Buckley soutient en outre que la scène du procès de l'hérésiarque en général aurait été une « scène familière aux lecteurs occidentaux à cause de l'inquisition » (p. 273). S'il est certainement exact de commenter la présence de l'inquisition à l'Ouest et son absence à l'Est, c'est un commentaire plutôt déroutant. Premièrement, cela implique à nouveau que la représentation par Anna du procès de Basil (un événement survenu vers 1099) peut avoir été influencée d'une manière ou d'une autre par l'Occident et spécifiquement par l'inquisition, bien que l'inquisition soit un phénomène médiéval ultérieur qui n'a été attesté qu'au milieu du XIIIe. siècle. Et, peut-être encore plus troublant, une telle proposition de « familiarité » suggère un lectorat plus large du texte d'Anna. Tout public élargi pour le Alexiade est, cependant, hautement improbable étant donné les circonstances de l'écriture d'Anna (en tant que paria politique dans une retraite monastique forcée) et, par la suite, la tradition manuscrite limitée de son texte. Ces questions pertinentes d'audience et de transmission sont manifestement absentes de l'étude de Buckley, laissant encore une fois le lecteur perdu pour une image complète.

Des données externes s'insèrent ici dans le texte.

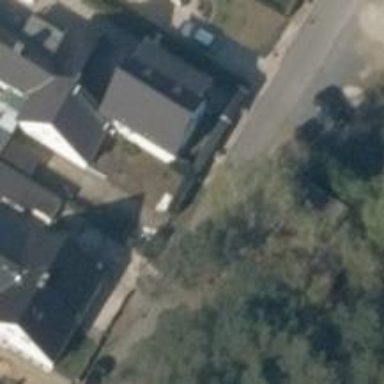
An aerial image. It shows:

Comme brièvement évoqué en ce qui concerne l'historiographie de l'hérésie, l'interaction globale de Buckley avec l'érudition secondaire semble quelque peu manquer dans le corps principal de son étude. Bien que sa discussion historiographique dans l'introduction soit bien informée et perspicace, il y a un engagement limité avec les débats savants dans la plus grande partie de sa monographie. Cela est particulièrement visible dans les commentaires de Buckley sur les images genrées dans le Alexiade – un thème qui, sans surprise, a longtemps occupé les intérêts des historiens, notamment en termes de proto-féminisme. Par exemple, Buckley décrit la mère d'Alexios, Anna Dalassena, une figure souvent examinée pour ses qualités masculines et son pouvoir. Pourtant, attirant spécifiquement l'attention sur l'absence de description physique d'Anna Dalassena dans le Alexiade, Buckley ne fournit aucune citation pour les discussions approfondies sur cette femme et en particulier sur la manière dont Anna la traite dans le récit – des éléments secondaires pertinents pour son affirmation (p. 100).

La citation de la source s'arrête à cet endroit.